Now that you've read it, make yourself a Quality Engineering checklist.

I. Codebase: One codebase tracked in revision control, many deploys
II. Dependencies: Explicitly declare and isolate dependencies
III. Config: Store config in the environment
IV. Backing services: Treat backing services as attached resources
V. Build, release, run: Strictly separate build and run stages
VI. Processes: Execute the app as one or more stateless processes
VII. Port binding: Export services via port binding
VIII. Concurrency: Scale out via the process model
IX. Disposability: Maximize robustness with fast startup and graceful shutdown
X. Dev/prod parity: Keep development, staging, and production as similar as possible
XI. Logs: Treat logs as event streams
XII. Admin processes: Run admin/management tasks as one-off processes

If your app doesn't follow all of these patterns, you've got technical debt to work off. Start by posting the debt remediation stories in Jira (or whatever you're using.)

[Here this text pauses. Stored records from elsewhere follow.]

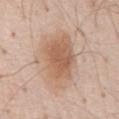Assessment: Recorded during total-body skin imaging; not selected for excision or biopsy. Clinical summary: A male patient aged approximately 70. The lesion's longest dimension is about 7.5 mm. A region of skin cropped from a whole-body photographic capture, roughly 15 mm wide. Automated tile analysis of the lesion measured an area of roughly 24 mm², a shape eccentricity near 0.8, and a symmetry-axis asymmetry near 0.2. And it measured a border-irregularity index near 2.5/10, a color-variation rating of about 4/10, and a peripheral color-asymmetry measure near 1. The lesion is located on the abdomen.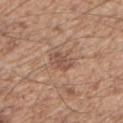Recorded during total-body skin imaging; not selected for excision or biopsy. The lesion is on the arm. This is a white-light tile. A male subject, about 60 years old. Cropped from a total-body skin-imaging series; the visible field is about 15 mm. Automated image analysis of the tile measured a footprint of about 5 mm² and two-axis asymmetry of about 0.2. The software also gave roughly 9 lightness units darker than nearby skin and a normalized lesion–skin contrast near 6.5.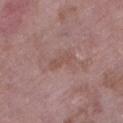The lesion was tiled from a total-body skin photograph and was not biopsied. The patient is a female in their 70s. The lesion is on the left lower leg. The lesion's longest dimension is about 3.5 mm. The tile uses white-light illumination. A 15 mm close-up tile from a total-body photography series done for melanoma screening.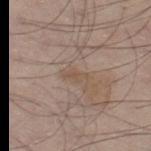Assessment: The lesion was tiled from a total-body skin photograph and was not biopsied. Acquisition and patient details: The lesion is located on the right thigh. A male patient, aged approximately 55. About 2.5 mm across. The lesion-visualizer software estimated a mean CIELAB color near L≈51 a*≈15 b*≈27, a lesion–skin lightness drop of about 6, and a normalized lesion–skin contrast near 5. A close-up tile cropped from a whole-body skin photograph, about 15 mm across. Captured under white-light illumination.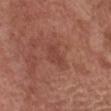Recorded during total-body skin imaging; not selected for excision or biopsy.
Imaged with white-light lighting.
Measured at roughly 3 mm in maximum diameter.
A close-up tile cropped from a whole-body skin photograph, about 15 mm across.
A male subject, aged 63–67.
Located on the chest.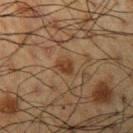Imaged during a routine full-body skin examination; the lesion was not biopsied and no histopathology is available. A male patient about 60 years old. The lesion is located on the left upper arm. Cropped from a total-body skin-imaging series; the visible field is about 15 mm. The recorded lesion diameter is about 2.5 mm. Imaged with cross-polarized lighting.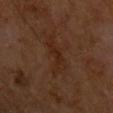biopsy status: no biopsy performed (imaged during a skin exam); size: ~5 mm (longest diameter); acquisition: ~15 mm crop, total-body skin-cancer survey; tile lighting: cross-polarized illumination; subject: male, aged 63–67; body site: the left upper arm.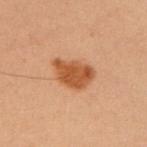Q: Was a biopsy performed?
A: catalogued during a skin exam; not biopsied
Q: What is the imaging modality?
A: 15 mm crop, total-body photography
Q: What are the patient's age and sex?
A: female, approximately 50 years of age
Q: What is the anatomic site?
A: the left upper arm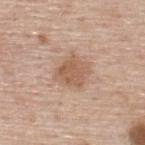* biopsy status — no biopsy performed (imaged during a skin exam)
* patient — male, aged around 75
* anatomic site — the upper back
* size — ≈3.5 mm
* tile lighting — white-light
* acquisition — ~15 mm crop, total-body skin-cancer survey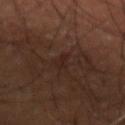Case summary:
- follow-up — no biopsy performed (imaged during a skin exam)
- imaging modality — ~15 mm tile from a whole-body skin photo
- patient — male, in their mid-50s
- anatomic site — the arm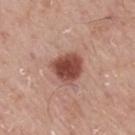Impression: Part of a total-body skin-imaging series; this lesion was reviewed on a skin check and was not flagged for biopsy. Acquisition and patient details: The subject is a male about 75 years old. The lesion is located on the mid back. Imaged with white-light lighting. Cropped from a total-body skin-imaging series; the visible field is about 15 mm. The recorded lesion diameter is about 4 mm.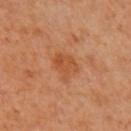This lesion was catalogued during total-body skin photography and was not selected for biopsy.
A roughly 15 mm field-of-view crop from a total-body skin photograph.
About 3.5 mm across.
The patient is female.
Located on the arm.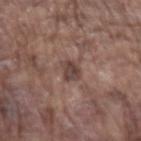  biopsy_status: not biopsied; imaged during a skin examination
  automated_metrics:
    color_variation_0_10: 3.0
    peripheral_color_asymmetry: 1.0
  lesion_size:
    long_diameter_mm_approx: 2.5
  image:
    source: total-body photography crop
    field_of_view_mm: 15
  site: left forearm
  patient:
    sex: male
    age_approx: 75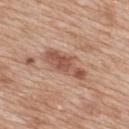biopsy status = total-body-photography surveillance lesion; no biopsy
subject = female, aged 38 to 42
diameter = ≈6 mm
illumination = white-light illumination
location = the back
imaging modality = ~15 mm crop, total-body skin-cancer survey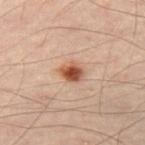This lesion was catalogued during total-body skin photography and was not selected for biopsy.
A 15 mm crop from a total-body photograph taken for skin-cancer surveillance.
On the left thigh.
The tile uses cross-polarized illumination.
The subject is a male approximately 50 years of age.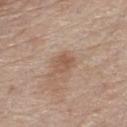Clinical impression: Part of a total-body skin-imaging series; this lesion was reviewed on a skin check and was not flagged for biopsy. Clinical summary: A roughly 15 mm field-of-view crop from a total-body skin photograph. The tile uses white-light illumination. The patient is a male in their 80s. Approximately 3 mm at its widest. On the chest. Automated image analysis of the tile measured an eccentricity of roughly 0.7. The analysis additionally found a normalized lesion–skin contrast near 6. The software also gave an automated nevus-likeness rating near 10 out of 100 and a detector confidence of about 100 out of 100 that the crop contains a lesion.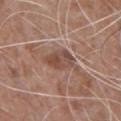Captured during whole-body skin photography for melanoma surveillance; the lesion was not biopsied. Captured under white-light illumination. Measured at roughly 4 mm in maximum diameter. Located on the upper back. The patient is a male aged approximately 60. Cropped from a whole-body photographic skin survey; the tile spans about 15 mm.

I've got config issues left, right, and center. Numerous assumptions include the URL's for RESTful services on which my RESTful services rely: this is not good.

Some of these things, however, are a done deed in the Python/Flask world with no real thinking required.

  • Build, release, run - done
  • Processes - done
  • Port binding - done
  • Disposability - done

Other things require some care. And the config is something that I've really got to fix.